Thursday, September 13, 2012

Fixing Our Education System Using Common Sense and the Market

Fixing Education in the United States: A Five Step Approach.


   
Step one: Evaluate all children using an unbiased third party and assign them a combined score based upon teach-ability, behavior, and intelligence.  This score will enable parents with more difficult students due to disability to receive a larger voucher, and if a student shows promise in a given area such as mathematics or science, the parent can receive a larger voucher for this as well.  Of course, some kind of due process will have to be included in this assessment so parents can either ask for retesting or appeal their child's score based upon other equally accurate criteria. 
            Step two: Give every child a waiver that approximates as closely as possible the total expenditures of the state per pupil.  The amount paid will reflect the total amount that the taxpayers shell out for their yearly education currently.   
            Step three: We independently license teachers to be service providers similar to engineers, lawyers, and doctors.  States set up the education requirements for a teaching license so that anyone who can pass the licensing exam and has a degree in the appropriate area can teach.  That way, chemists can teach chemistry part time, engineers can teach math, etc. and many professionals can give back to the community. 
            Step four: Establish a tier based quota on the total number of students a teacher can accept based on the criteria reached in # 1 and require teaching assistants if that number is exceeded.  That way an excellent teacher who works with very difficult students with autism will earn as much as a teacher of 25 students who have typical learning capacity.  If students are behaviorally challenging due to disability, then their vouchers conceivably can be large enough to pay for an aide for the teacher so long as the student's teach-ability sub-score is equally high.  Teachers who specialize in difficult subject areas will get more money as well because the students doing well in more challenging fields will receive a larger voucher.  

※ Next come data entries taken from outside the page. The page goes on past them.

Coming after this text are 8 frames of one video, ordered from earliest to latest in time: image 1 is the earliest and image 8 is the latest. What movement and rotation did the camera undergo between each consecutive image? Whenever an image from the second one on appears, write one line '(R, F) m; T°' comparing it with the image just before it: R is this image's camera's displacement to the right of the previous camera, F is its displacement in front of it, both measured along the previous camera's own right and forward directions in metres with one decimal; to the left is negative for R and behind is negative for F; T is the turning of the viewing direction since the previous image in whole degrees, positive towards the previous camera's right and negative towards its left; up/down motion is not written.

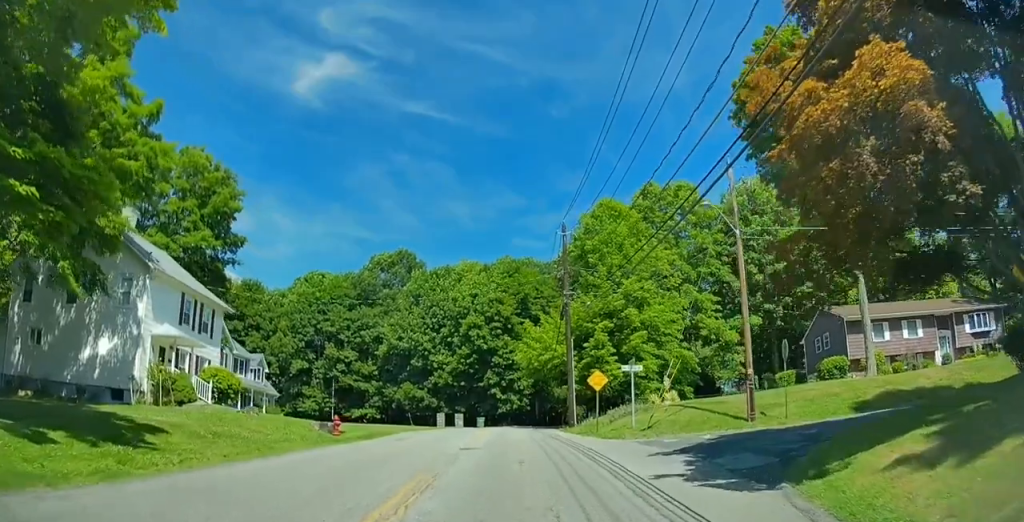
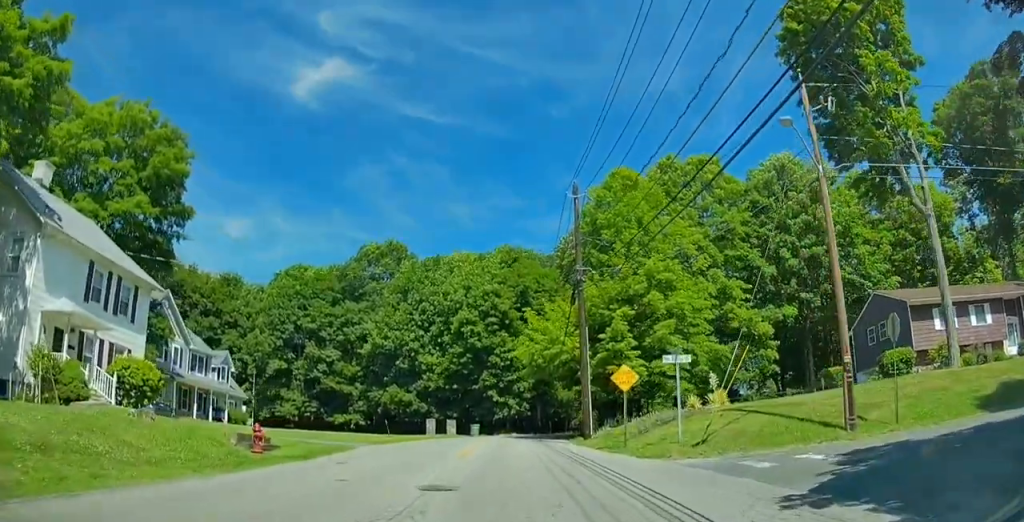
(+0.1, +8.1) m; 0°
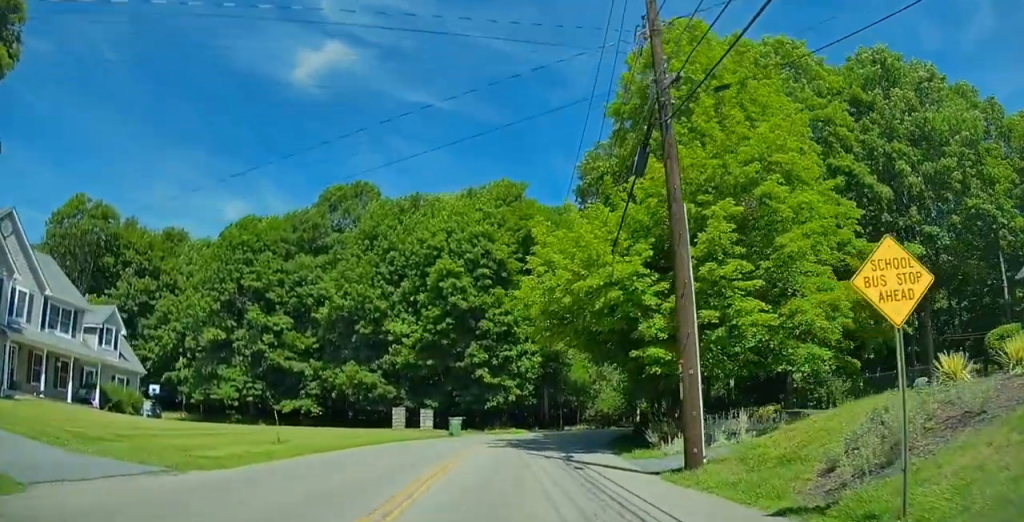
(0.0, +18.6) m; -5°
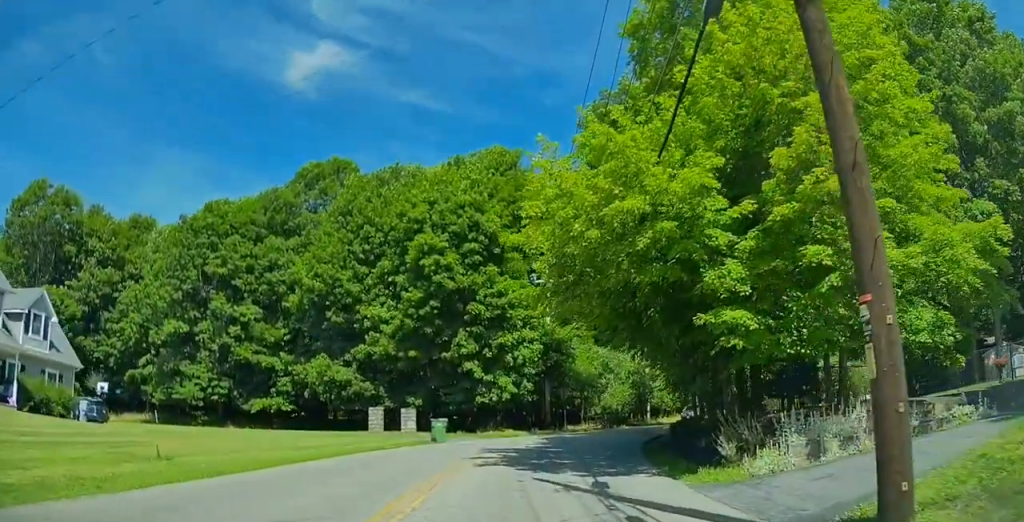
(-0.2, +7.0) m; -3°
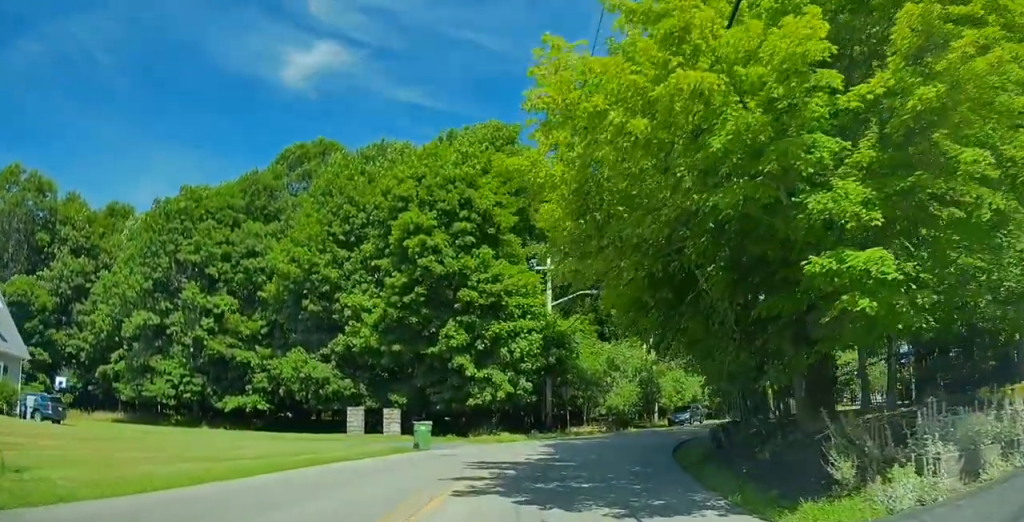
(-1.5, +4.4) m; +6°
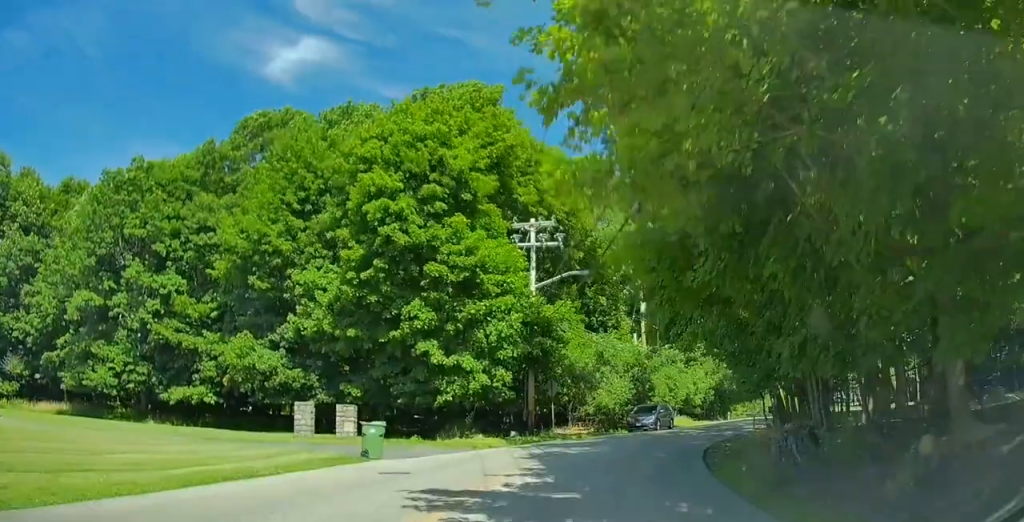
(+1.2, +5.4) m; +8°
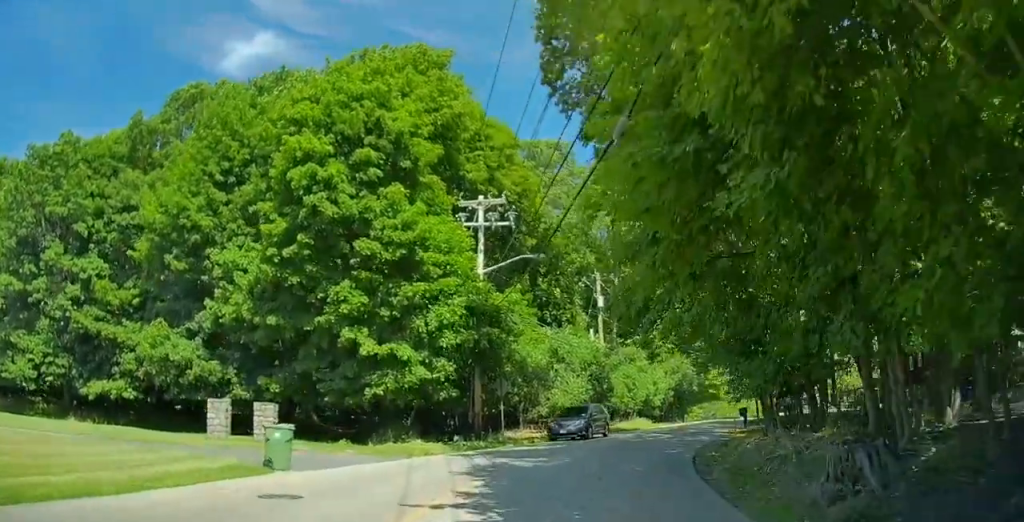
(+1.2, +4.2) m; +6°
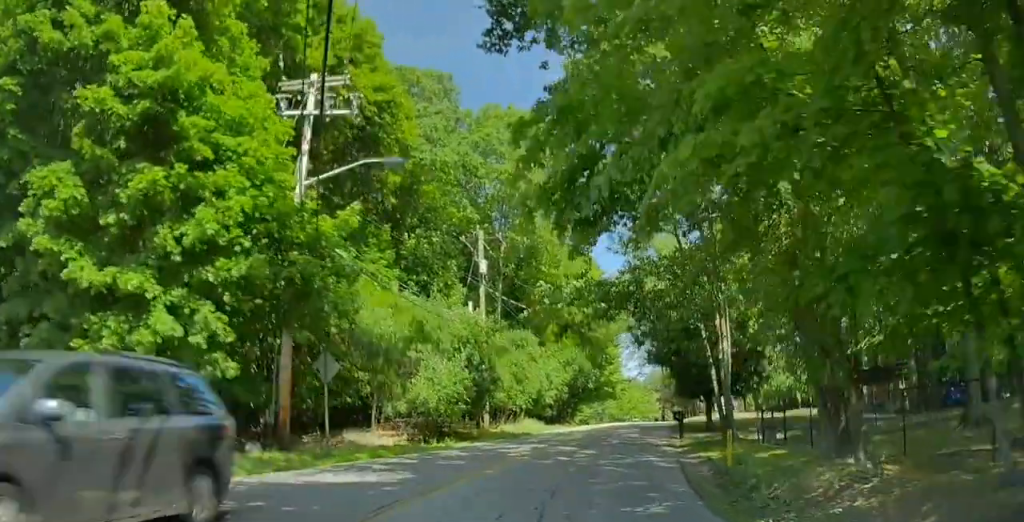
(-1.1, +11.8) m; -3°

           Step five: Award an annual grade to each teacher based upon objective test criteria or measurable metrics met, as well as parent satisfaction and publish this number.  This will be analogous to scores given to restaurants for following health regulations.  Teachers will have the opportunity to use a due process step at their own expense to either appeal their score or introduce independent objective criteria justifying a higher grade.
            Teachers will be true independent professionals.  In this scenario, teachers can rent church basements, use old storefronts or anything else for space.  They can buy all their own equipment or share it as doctor's associations do.  If Teachers directly received the $9,000.00 plus dollars, the average state expends educating a student then they will easily be able to earn $100-200K per year.  The only real restraint on this will be their individual performance.  The market will rule.       
                 Parents can also contain costs or earn money.  If parents wanted their kids in extracurricular activities, they can ether join leagues similar to Pop Warner or other clubs and pay for it out of their own pocket.  If a parent becomes licensed, and teaches their own kids, then they can get the reimbursement /waiver directly.  Parents can still home school, but they will have to be licensed educators to receive reimbursement.
          This is a win-win plan.  Imagine a world without capital expenditures for huge schools, teacher's unions, and administration heavy budgets.  Teachers will earn wages similar to other professionals and if they are good, they will earn both parent and student respect.  (Many have that now, but it will inherently increase due to the close relationship the teachers will form with their students.)  The best part is that Students will be the real winners, because teachers will share equal interest in their success.  Students will have the status of clients and teachers will treat them as such.  Teachers will have the status of real professionals.  Parents and students will fight to get the best ones.